I have been a Lakers fan since 1999 and I am really disheartened by their woeful performance in the recent two years. It seems that the team has run out of energy and reached the threshold of inevitable decline. Having a look at the web, I have found a striking similarity between the current Lakers team and the Pistons team in the early 1990s.

Detroit Pistons (1988-1993)
1988: Lost NBA Finals (4-3) versus Los Angeles Lakers
1989: Won NBA Finals (4-0) versus Los Angeles Lakers
1990: Won NBA Finals (4-1) versus Portland Trail Blazers
1991: Lost NBA Eastern Conference Finals (4-0) versus Chicago Bulls
1992: Lost NBA Eastern Conference First Round (3-2) versus New York Knicks
1993: Couldn't make the Playoffs

Los Angeles Lakers (2008-2013)
2008: Lost NBA Finals (4-2) versus Boston Celtics
2009: Won NBA Finals (4-1) versus Orlando Magic
2010: Won NBA Finals (4-3) versus Boston Celtics
2011: Lost NBA Western Conference Semifinals (4-0) versus Dallas Mavericks
2012: Lost NBA Western Conference Semifinals (4-1) versus Oklahoma City Thunder
2013: Can't make the Playoffs??

- Both teams reached 3 consecutive NBA finals.
- Both teams won back-to-back championships.
- Both teams were swept in the following year.
- Both teams lack the drive and determination to succeed again.
- Both teams lack athleticism and energy.

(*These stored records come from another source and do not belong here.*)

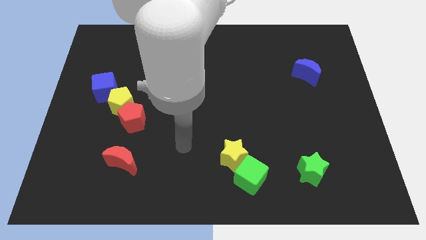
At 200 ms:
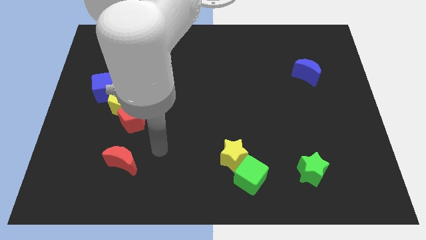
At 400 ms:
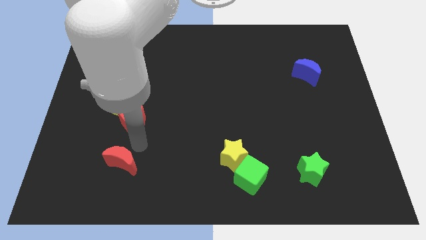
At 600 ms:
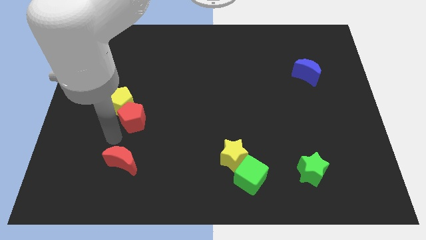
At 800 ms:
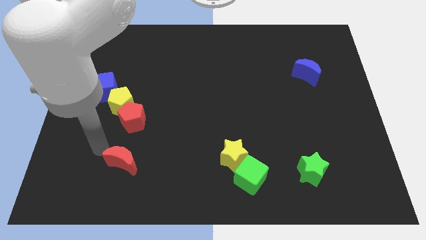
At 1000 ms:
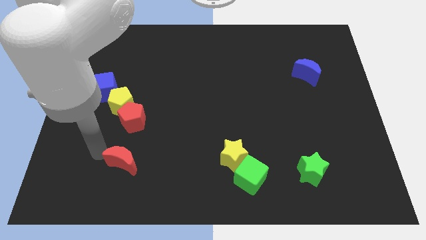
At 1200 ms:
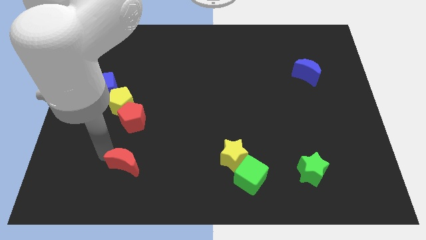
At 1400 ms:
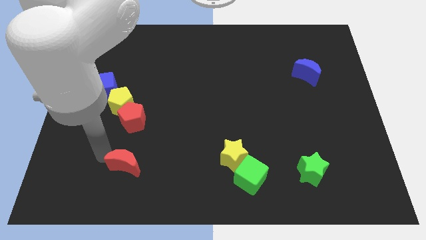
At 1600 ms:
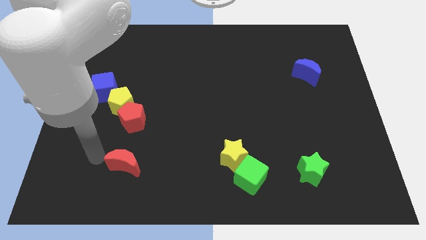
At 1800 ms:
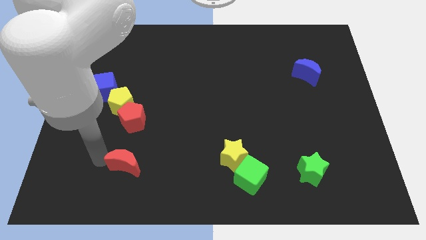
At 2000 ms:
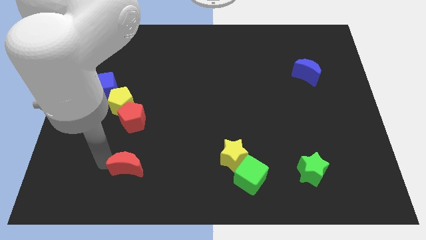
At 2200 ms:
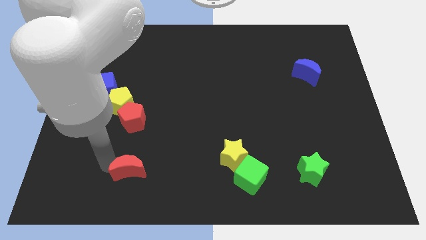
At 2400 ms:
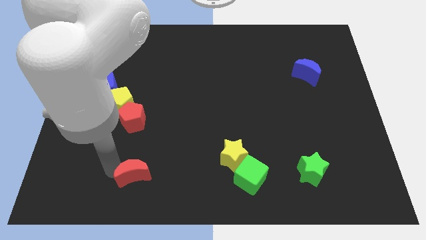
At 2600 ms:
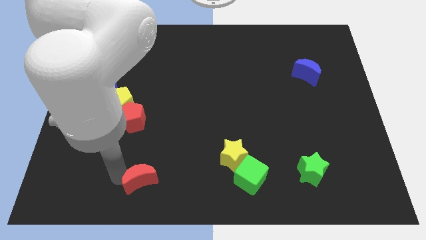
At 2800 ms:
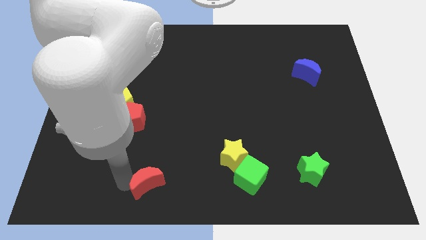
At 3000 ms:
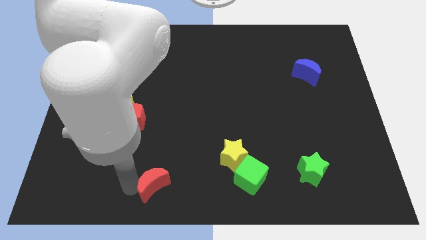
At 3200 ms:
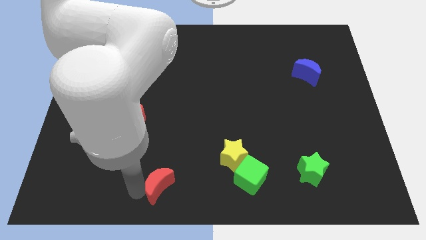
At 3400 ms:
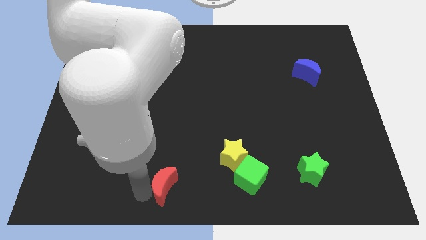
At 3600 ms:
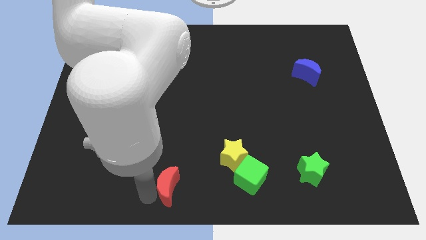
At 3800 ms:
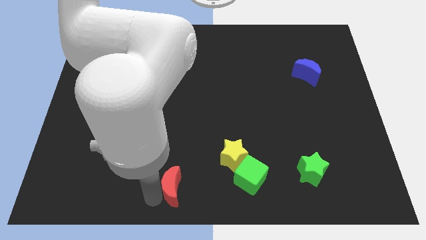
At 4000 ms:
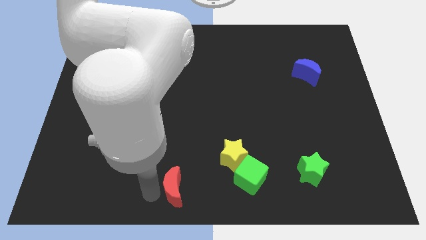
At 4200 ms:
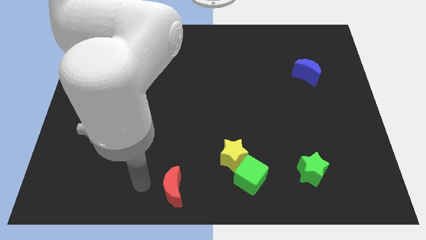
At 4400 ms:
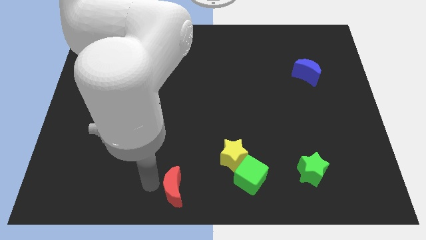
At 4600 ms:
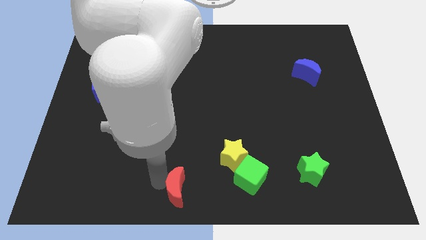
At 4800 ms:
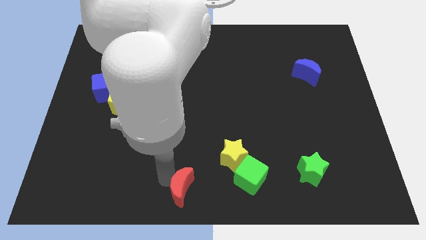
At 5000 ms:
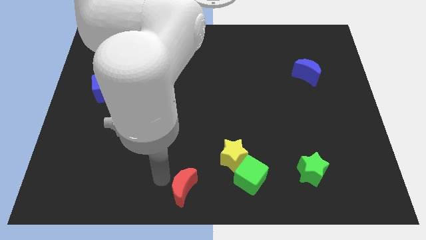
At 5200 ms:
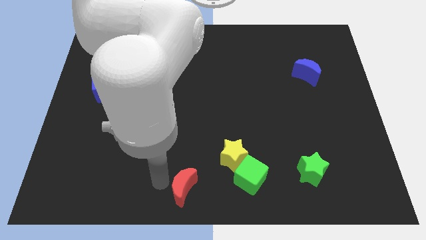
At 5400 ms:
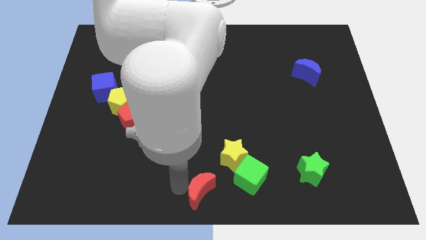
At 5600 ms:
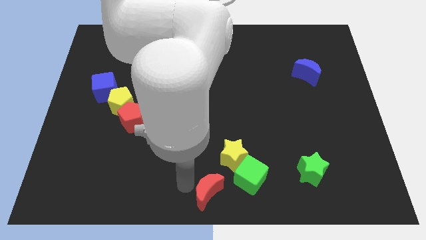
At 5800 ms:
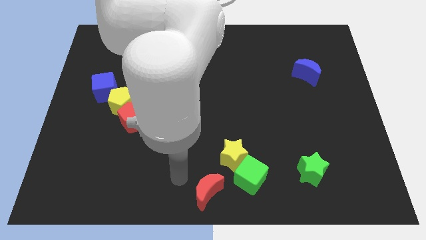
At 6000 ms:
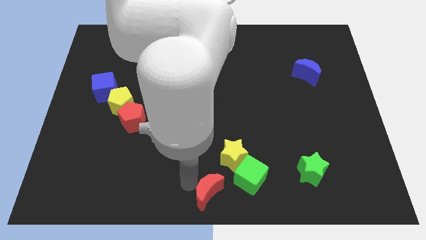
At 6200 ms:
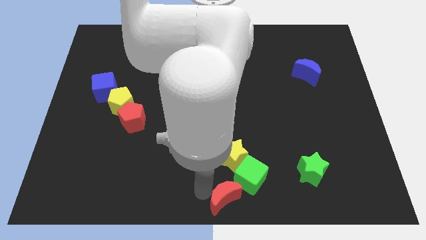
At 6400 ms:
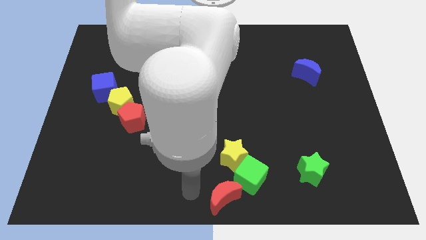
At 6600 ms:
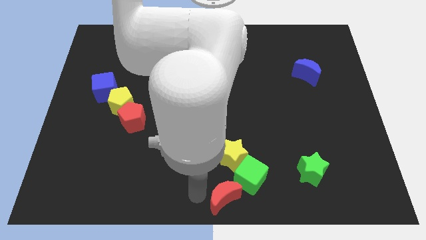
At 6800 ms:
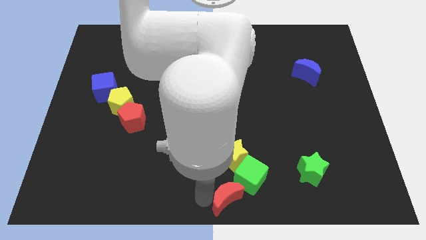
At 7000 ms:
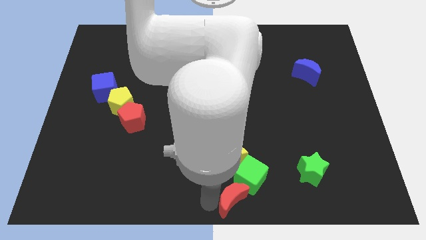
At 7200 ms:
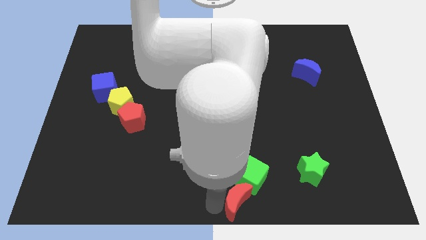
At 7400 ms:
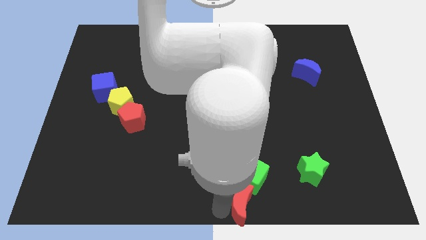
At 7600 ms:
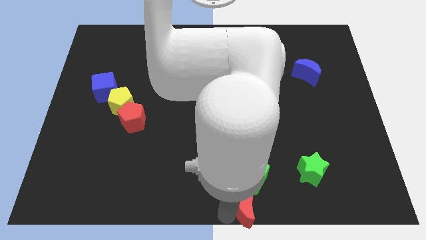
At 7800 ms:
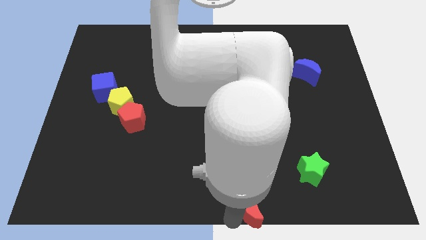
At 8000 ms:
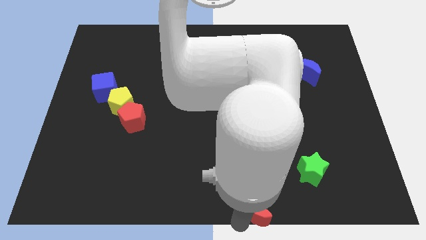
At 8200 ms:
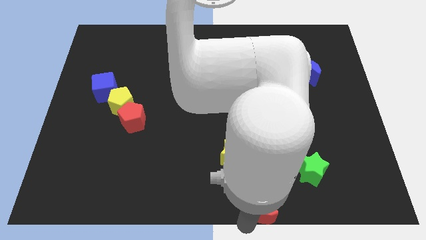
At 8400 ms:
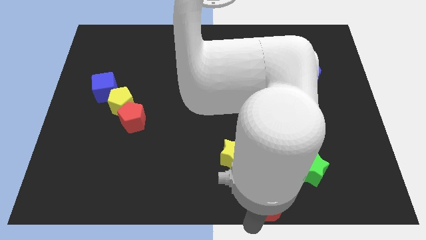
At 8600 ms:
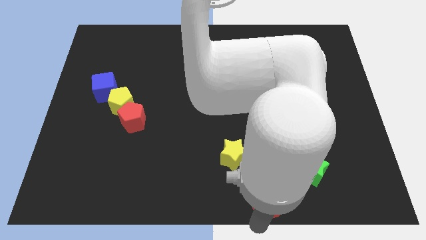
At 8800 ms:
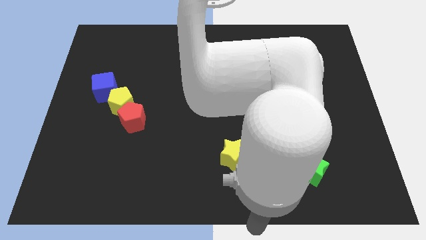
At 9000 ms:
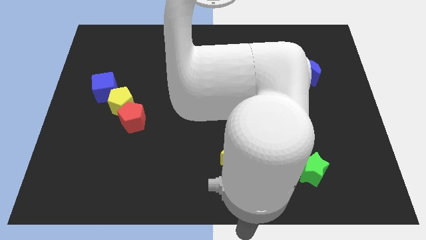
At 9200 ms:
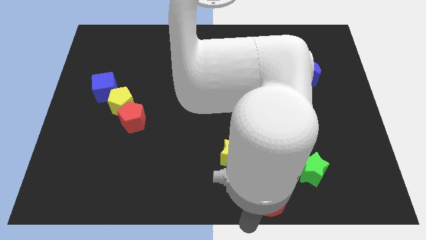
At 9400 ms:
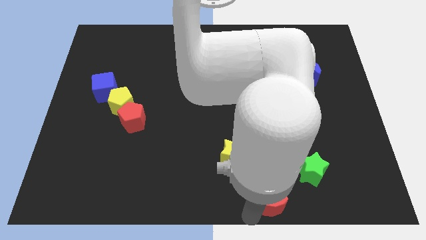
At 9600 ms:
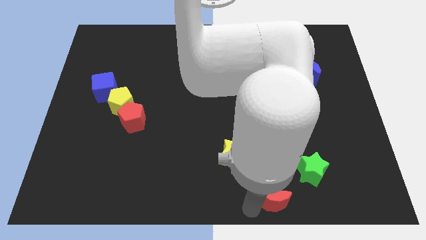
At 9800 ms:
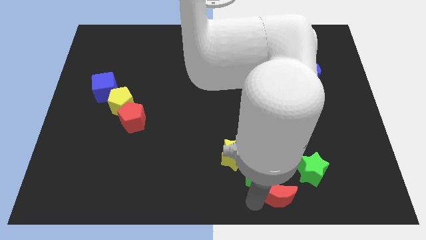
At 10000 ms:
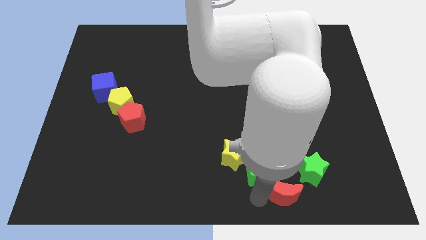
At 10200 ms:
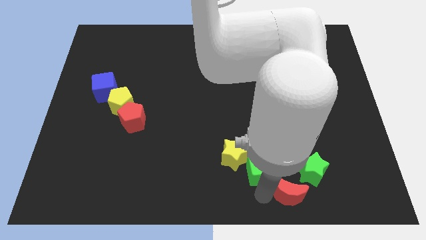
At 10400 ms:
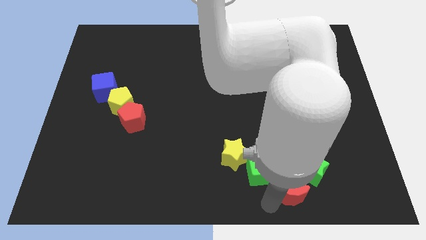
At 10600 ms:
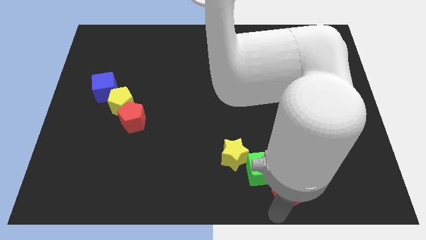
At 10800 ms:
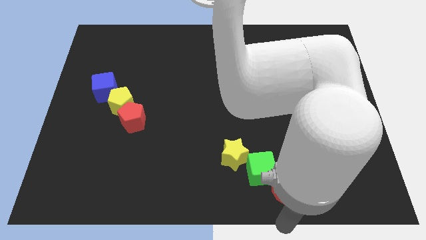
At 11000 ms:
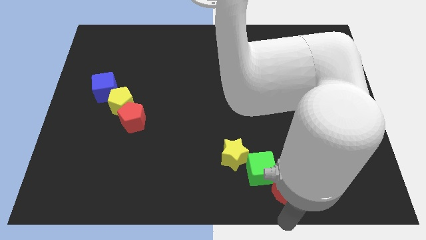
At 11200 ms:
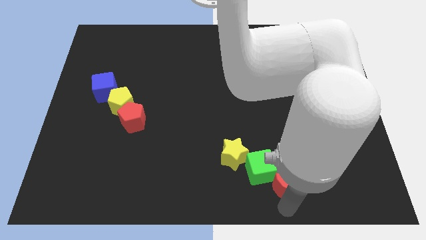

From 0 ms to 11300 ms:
push the red moon close to the green star

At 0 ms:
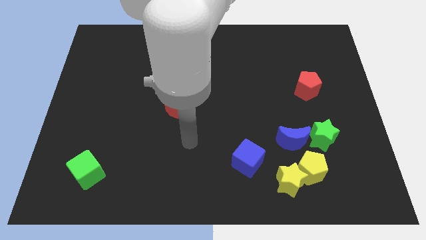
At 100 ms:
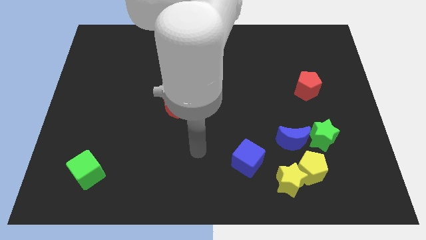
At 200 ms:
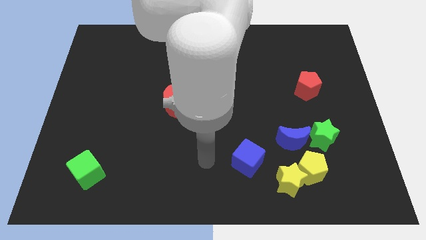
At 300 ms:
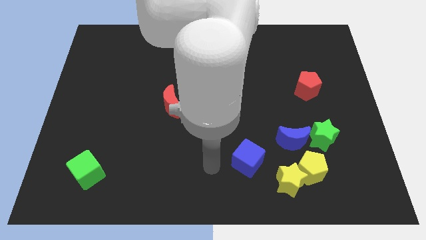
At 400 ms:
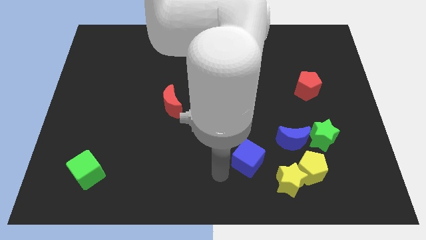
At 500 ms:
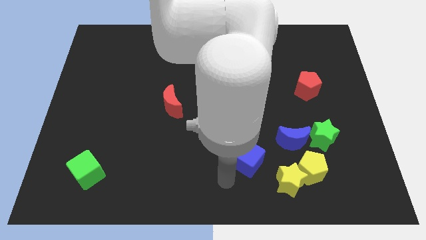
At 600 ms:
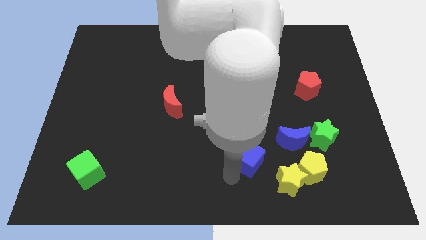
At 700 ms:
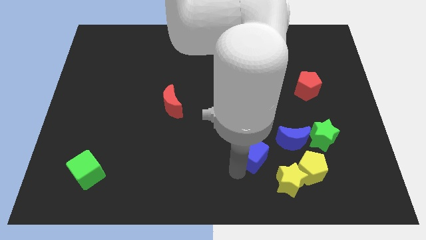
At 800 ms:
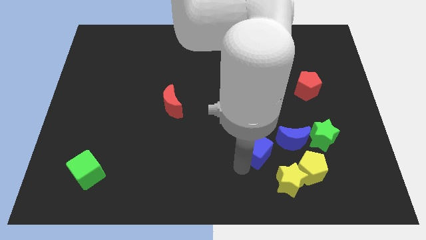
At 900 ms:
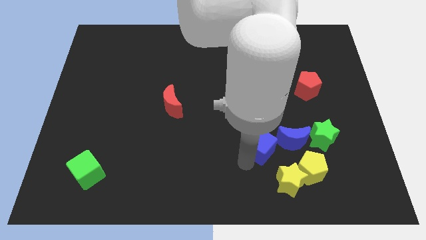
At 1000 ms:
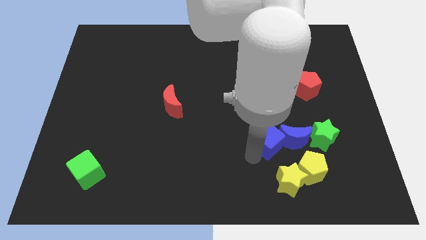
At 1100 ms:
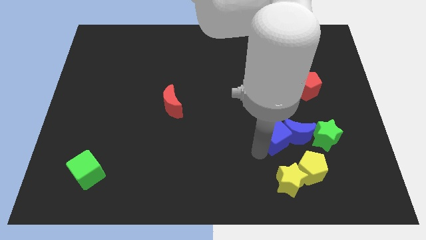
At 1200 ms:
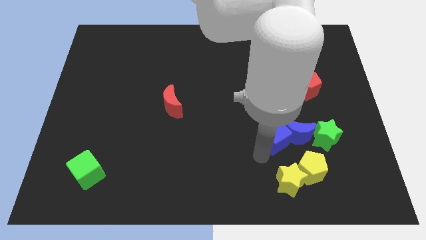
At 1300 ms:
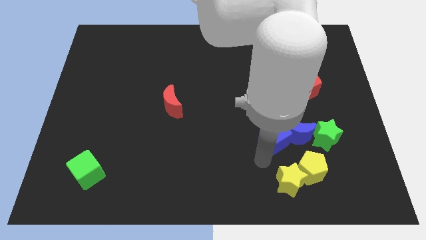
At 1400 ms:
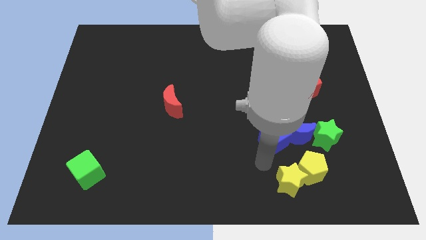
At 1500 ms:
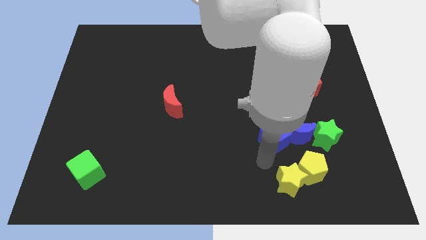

Even though the Lakers have acquired multiple star players and made coaching changes, they have consistently been playing worse and outclassed by other elite teams in the NBA. Compared with their excellent performance in the 2008-2010 seasons, the Lakers right now seem to be rudderless, losing their traditional identity of strong inside-outside offense and playing porous defense.

Someone says that the return of Phil Jackson could stabilize the team and catapult them to glory again. But judging from the 2010-11 season, Jackson was simply a lameduck and lost control of the team. I really don't think he could significantly energize the team even if he returned.

Someone (namely Mike D'Antoni) says that Steve Nash could be the panacea for Lakers' problems. But is it really the case? His situation is reminiscent of the Karl Malone's injury in 2004, which was lingering and hurt the Lakers in the final that year. Even if Nash is healthy, can he coexist with Kobe offensively? Defensively, will he be a liability that creates career stats for point guards of opposing teams? (Some may argue that Kobe can guard PGs but it is undeniable that Kobe has been significantly slower defensively in recent years.) I really doubt Nash is really that omnipotent for the Lakers.

Someone says that another blockbuster trade could save the Lakers. But I think that it is the wishful thinking of many people. Winning championships is not about the mere acquisition of stars, but the construction of team chemistry. The trade for Pau in 2008 was so successful because he could perfectly fit in the triangle offense and work with Kobe and Lamar, resulting in seamless team cohesiveness. But the Lakers right now are like a balloon without air. In terms of talent, the current Lakers squad is comparable to the most successful teams in NBA history. But the problem is that the whole team lack the collective determination to win it all. On the court, our players don't have energy and passion. As for the management, it is making riduculous decisions after ridiculous decisions. How can such a team win the championship? The acquisition of one or two players obviously cannot solve the deep-seated problem of the team.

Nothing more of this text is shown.